For the square, $n = 4$, which is an even number. A triangle has $n = 3$, which is odd. Since the parity of the number of vertices is invariant under the cut-and-flip operation, it is impossible to obtain a triangle from a square, because transforming from $n = 4$ to $n = 3$ would change the parity, violating the established invariant. Lemma 1 concerning angle sums supports that the polygon remains simple and planar, ensuring no hidden vertex cancellation occurs in the process. Therefore, no sequence of allowed operations can reduce a square to a triangle. This completes the proof.
∎
Verification of Key Steps
The crucial verification involves confirming that the parity of the number of vertices is indeed invariant. Consider a cut along an edge versus a diagonal. Cutting along an edge merely creates two overlapping polygons with coinciding vertices along the cut, preserving the vertex count. Cutting along a diagonal of a square produces two triangles with four vertices each, and reattaching along the diagonal restores four vertices. Introducing extra subdivision points along the cut line produces pairs of vertices, which coincide after the flip and reattachment, leaving the total vertex count unchanged.
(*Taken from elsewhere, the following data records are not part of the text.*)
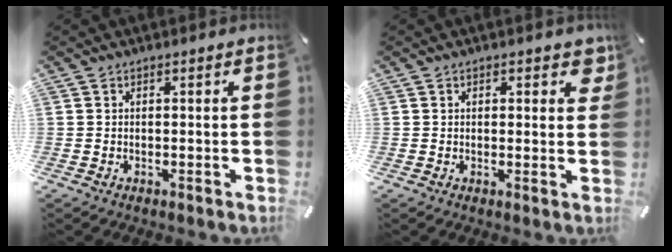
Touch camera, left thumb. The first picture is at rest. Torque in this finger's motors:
{"motor_torque": [-0.12, -0.14, 0.03, 0.11, -0.08]}
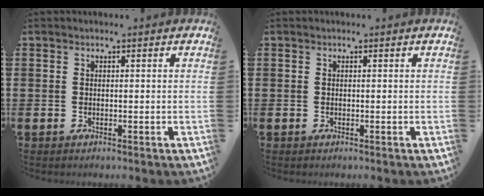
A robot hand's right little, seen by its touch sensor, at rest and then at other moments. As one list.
[{"total": 0.0}]
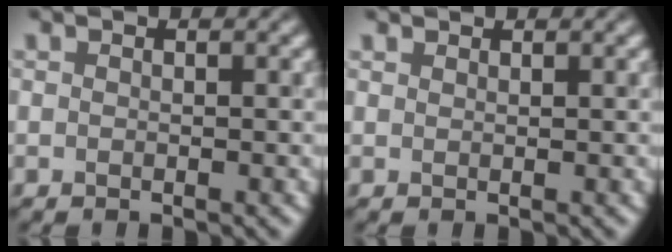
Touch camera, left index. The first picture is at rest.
{"total": 0.6, "force": [0.6, 0.1, -0.1], "torque": [0.002, 0.003, 0.009]}
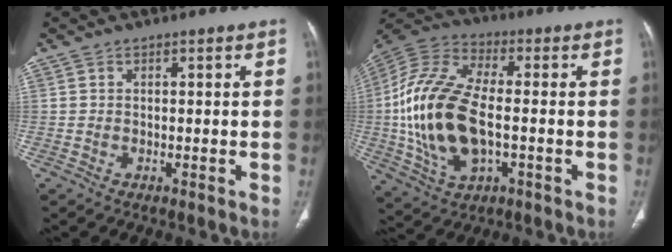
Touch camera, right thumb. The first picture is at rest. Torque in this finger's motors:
{"motor_torque": [-0.34, 2.08, 2.21, -0.04, 0.71]}
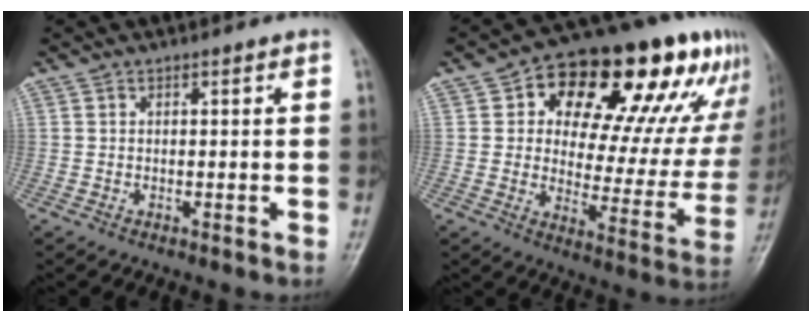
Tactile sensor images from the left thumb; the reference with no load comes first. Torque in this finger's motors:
{"motor_torque": [1.02, 1.14, 1.65, -1.11, 0.09]}
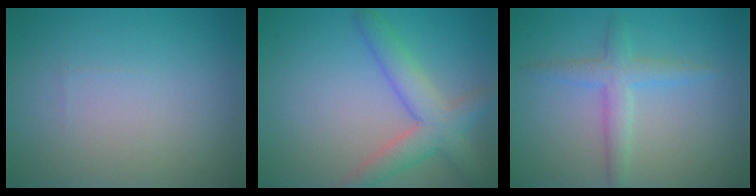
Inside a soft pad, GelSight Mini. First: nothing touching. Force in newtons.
{"total": 4.6, "press": 4.6, "slide": 0.2}
{"total": 2.8, "press": 2.8, "slide": 0.1}
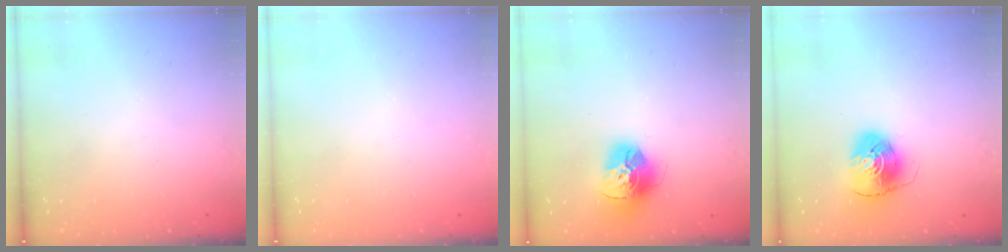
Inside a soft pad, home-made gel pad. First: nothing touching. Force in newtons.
{"total": 0.0}
{"total": 16.3, "press": 16.2, "slide": 1.5}
{"total": 7.9, "press": 7.9, "slide": 0.7}
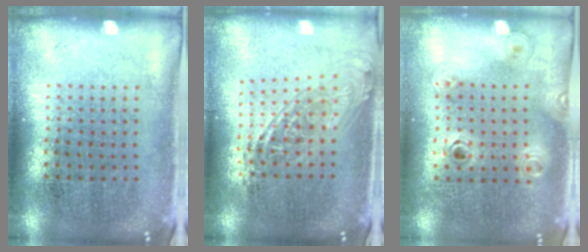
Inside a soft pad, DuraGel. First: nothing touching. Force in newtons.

Each tested configuration respects the parity invariant. There is no scenario in which flipping one piece reduces the total number of vertices by one, confirming that the square cannot be transformed into a triangle.
Alternative Approaches
An alternative approach uses the invariant of the Euler characteristic for planar graphs embedded in the polygon. Each simple polygon corresponds to a planar graph with one face and $n$ vertices; the cut-and-flip operation preserves the number of faces and edges in such a way that the Euler characteristic remains constant, implying the number of vertices modulo 2 is fixed. This method is equivalent in rigor but introduces more formal graph-theoretic language. The main approach using vertex parity is preferable because it is elementary, fully geometric, and directly tied to the number of polygon sides, avoiding abstraction beyond the problem's intended scope.